Some state legislators in the Washington House are calling for the state to split and create a new breakaway state utilizing the process outlined in Article IV of the Constitution.
Introduced by Rep. Matt Shea (R-Spokane Valley) and Rep. Bob McCaslin (R-Spokane Valley), House Joint Memorial 4000 (HJM4000) petitions Congress to create a 51st state out of Eastern Washington, which would be named “Liberty.” The new state border would be from the crest of the Cascade Mountains east to the existing state border.
The resolution has not been assigned to a committee yet.
Article IV, Section 3 of the Constitution describes the process for creating a new state from part of an existing state mandating both the State House and Senate as well as Congress agree to it.

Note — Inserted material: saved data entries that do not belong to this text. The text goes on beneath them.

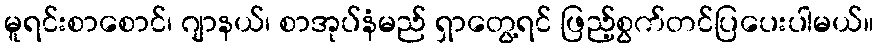
မူရင်းစာစောင်၊ ဂျာနယ်၊ စာအုပ်နံမည် ရှာတွေ့ရင် ဖြည့်စွက်တင်ပြပေးပါမယ်။
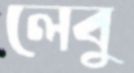
লেবু
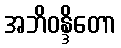
အဘိဝန္ဒိတော
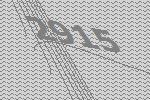
2915
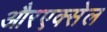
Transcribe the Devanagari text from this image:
औरएक्सेल
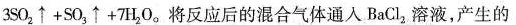
3 S 0 _ { 2 } \uparrow + S O _ { 3 } \uparrow + 7 H _ { 2 } 0$$。将反应后的混合气体通入BaCl_{2}溶液，产生的
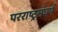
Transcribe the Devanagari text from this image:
परराष्ट्रसंघर्ष
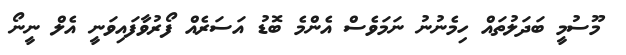
މޫސުމީ ބަދަލުތައް ހިމެނުނު ނަމަވެސް އެންމެ ބޮޑު އަސަރެއް ފޯރުވާފައިވަނީ އެލް ނީނޯ
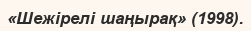
«Шежірелі шаңырақ» (1998).
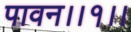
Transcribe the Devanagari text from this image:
पावन।।१।।
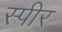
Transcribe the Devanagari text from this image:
स्पीर
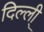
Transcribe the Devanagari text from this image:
दिल्ली्
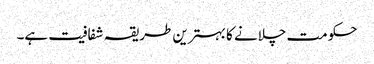
حکومت چلانے کا بہترین طریقہ شفافیت ہے۔
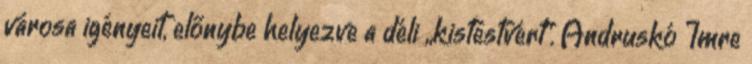
városa igényeit, előnybe helyezve a déli „kistestvért”. Andruskó Imre
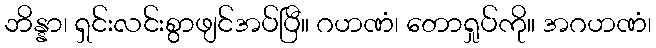
ဘိန္နာ၊ ရှင်းလင်းစွာဖျင်အပ်ပြီ။ ဂဟဏံ၊ တောရှုပ်ကို။ အဂဟဏံ၊
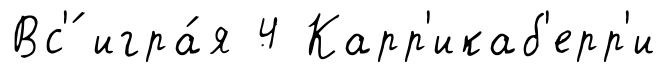
Вс'́ игра́я 4 Карр'икаб'ерр'и
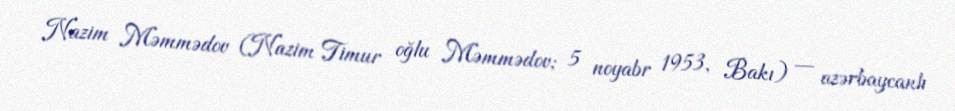
Nazim Məmmədov (Nazim Timur oğlu Məmmədov; 5 noyabr 1953, Bakı) — azərbaycanlı
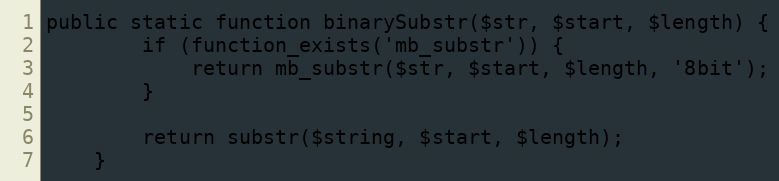
Language: PHP
public static function binarySubstr($str, $start, $length) {
		if (function_exists('mb_substr')) {
			return mb_substr($str, $start, $length, '8bit');
		}

		return substr($string, $start, $length);
	}
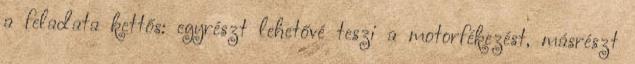
a feladata kettős: egyrészt lehetővé teszi a motorfékezést, másrészt
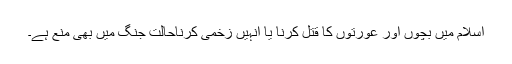
اسلام میں بچوں اور عورتوں کا قتل کرنا یا انہیں زخمی کرناحالت جنگ میں بھی منع ہے۔
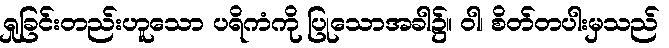
ရှုခြင်းတည်းဟူသော ပရိကံကို ပြုသောအခါ၌။ ဝါ၊ စိတ်တပါးမှသည်
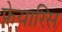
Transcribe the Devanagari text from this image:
फ्रेयारिस
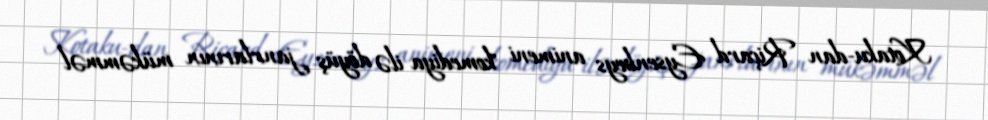
Kotaku-dan Riçard Eysenbeys animeni "komediya ilə döyüş janrlarının mükəmməl
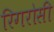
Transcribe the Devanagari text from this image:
रिगरोसी
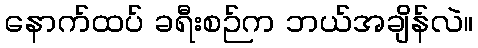
နောက်ထပ် ခရီးစဉ်က ဘယ်အချိန်လဲ။
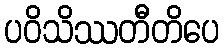
ပဝိသိဿတီတိပေ

That section reads as follows (bold emphasis added):
New States may be admitted by the Congress into this Union; but no new State shall be formed or erected within the Jurisdiction of any other State; nor any State be formed by the Junction of two or more States, or Parts of States, without the Consent of the Legislatures of the States concerned as well as of the Congress. The Congress shall have Power to dispose of and make all needful Rules and Regulations respecting the Territory or other Property belonging to the United States; and nothing in this Constitution shall be so construed as to Prejudice any Claims of the United States, or of any particular State.

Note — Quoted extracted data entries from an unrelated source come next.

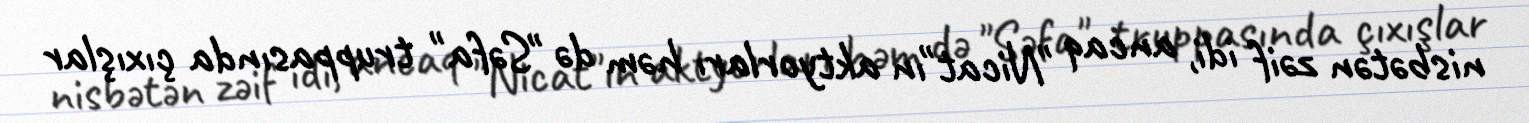
nisbətən zəif idi, ancaq "Nicat"ın aktyorları həm də "Səfa" truppasında çıxışlar
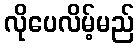
လိုပေလိမ့်မည်
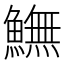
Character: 𩻚
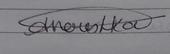
Signature authenticity: genuine
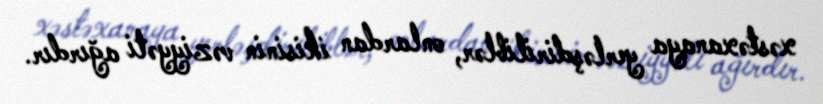
xəstəxanaya yerləşdiriliblər, onlardan ikisinin vəziyyəti ağırdır.
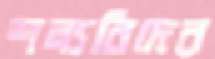
শল্যবিদের
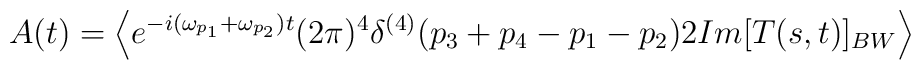
A(t)=\left\langle {e^{-i(\omega _{p_1}+\omega _{p_2})t}(2\pi)^4\delta ^{(4)}(p_3+p_4-p_1-p_2)2 Im [T(s,t)]_{BW}}\right\rangle
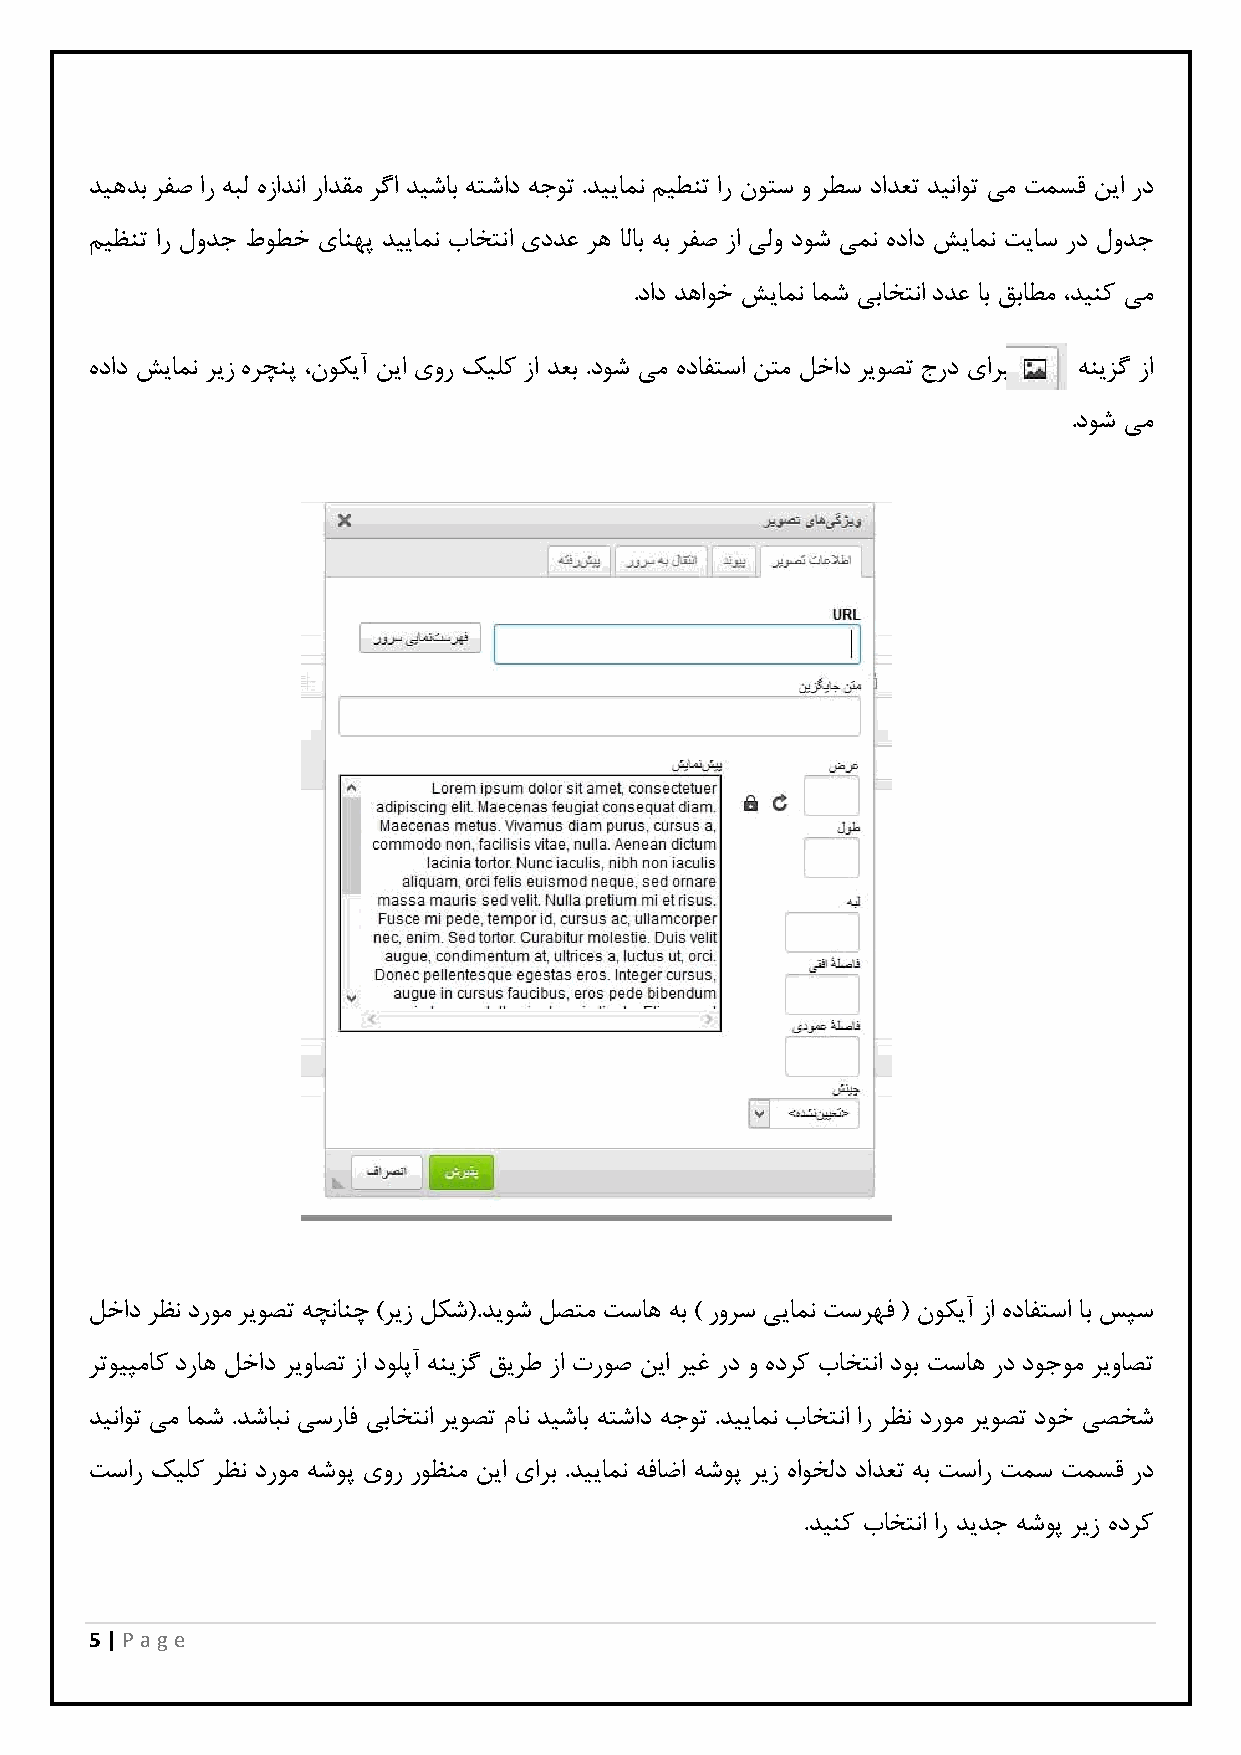
دیهدب رفص ار هبل هزادنا رادقم رگا دیشاب هتشاد هجوت .دییامن میطنت ار نوتس و رطس دادعت دیناوت یم تمسق نیا رد
 میظنت ار لودج طوطخ یانهپ دییامن باختنا یددع ره الاب هب رفص زا یلو دوش یمن هداد شیامن تیاس رد لودج
 .داد دهاوخ شیامن امش یباختنا ددع اب قباطم ،دینک یم
 هداد شیامن ریز هرچنپ ،نوکیآ نیا یور کیلک زا دعب .دوش یم هدافتسا نتم لخاد ریوصت جرد یارب هنیزگ زا
 .دوش یم
 لخاد رظن دروم ریوصت هچنانچ )ریز لکش(.دیوش لصتم تساه هب ) رورس ییامن تسرهف ( نوکیآ زا هدافتسا اب سپس
 رتویپماک دراه لخاد ریواصت زا دولپآ هنیزگ قیرط زا تروص نیا ریغ رد و هدرک باختنا دوب تساه رد دوجوم ریواصت
 دیناوت یم امش .دشابن یسراف یباختنا ریوصت مان دیشاب هتشاد هجوت .دییامن باختنا ار رظن دروم ریوصت دوخ یصخش
 تسار کیلک رظن دروم هشوپ یور روظنم نیا یارب .دییامن هفاضا هشوپ ریز هاوخلد دادعت هب تسار تمس تمسق رد
 .دینک باختنا ار دیدج هشوپ ریز هدرک
 5 | P age
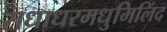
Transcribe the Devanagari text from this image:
राधाधरमधुमिलिंद
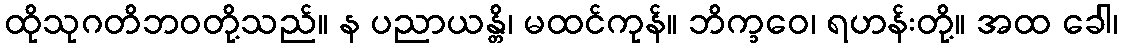
ထိုသုဂတိဘဝတို့သည်။ န ပညာယန္တိ၊ မထင်ကုန်။ ဘိက္ခဝေ၊ ရဟန်းတို့။ အထ ခေါ၊
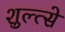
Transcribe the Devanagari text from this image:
शुल्त्से
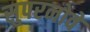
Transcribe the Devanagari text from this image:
सुपरनोवे
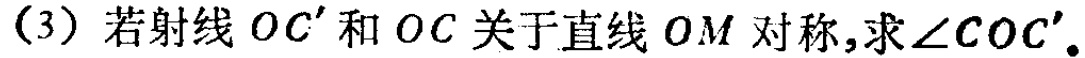
(3) 若射线 \(OC'\) 和 \(OC\) 关于直线 \(OM\) 对称,求\(\angle COC'\)。
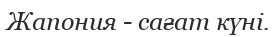
Жапония - сағат күні.

Since the Constitution’s ratification, the Article IV, Section 3 process has been used numerous times to create breakaway states including Vermont, Kentucky, Tennessee, and Maine.

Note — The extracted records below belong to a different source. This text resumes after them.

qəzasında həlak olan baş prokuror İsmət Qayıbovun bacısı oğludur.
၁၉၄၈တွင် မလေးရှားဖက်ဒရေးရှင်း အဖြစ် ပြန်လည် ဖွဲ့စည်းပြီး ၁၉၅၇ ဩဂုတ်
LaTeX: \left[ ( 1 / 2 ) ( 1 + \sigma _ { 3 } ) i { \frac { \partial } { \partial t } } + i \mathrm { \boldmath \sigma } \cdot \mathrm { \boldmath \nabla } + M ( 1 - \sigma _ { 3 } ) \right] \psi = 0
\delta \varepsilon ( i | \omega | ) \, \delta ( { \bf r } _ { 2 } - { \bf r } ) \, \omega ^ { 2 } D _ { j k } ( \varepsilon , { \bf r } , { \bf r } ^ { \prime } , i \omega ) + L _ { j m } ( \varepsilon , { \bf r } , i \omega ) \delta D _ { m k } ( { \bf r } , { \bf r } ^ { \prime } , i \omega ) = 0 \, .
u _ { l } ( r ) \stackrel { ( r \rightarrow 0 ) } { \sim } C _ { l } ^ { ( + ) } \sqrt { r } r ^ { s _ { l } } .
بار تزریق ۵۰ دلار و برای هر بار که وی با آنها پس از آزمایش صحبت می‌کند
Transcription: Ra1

The political climate in western and eastern Washington are vastly different. With most of the population in the west, particularly the Seattle area, that region dominates state politics, leaving many in the east feeling like they lack representation.
“There are many who like to say we are ‘One Washington.’ Are we really? While it makes for a cute slogan to try and placate the disenfranchised, the fact is, many citizens living in the eastern part of the state are tired of being run over, ignored and downright marginalized by the power brokers in King County,” Shea said. “It’s the one issue I hear about the most when traveling around Eastern Washington.”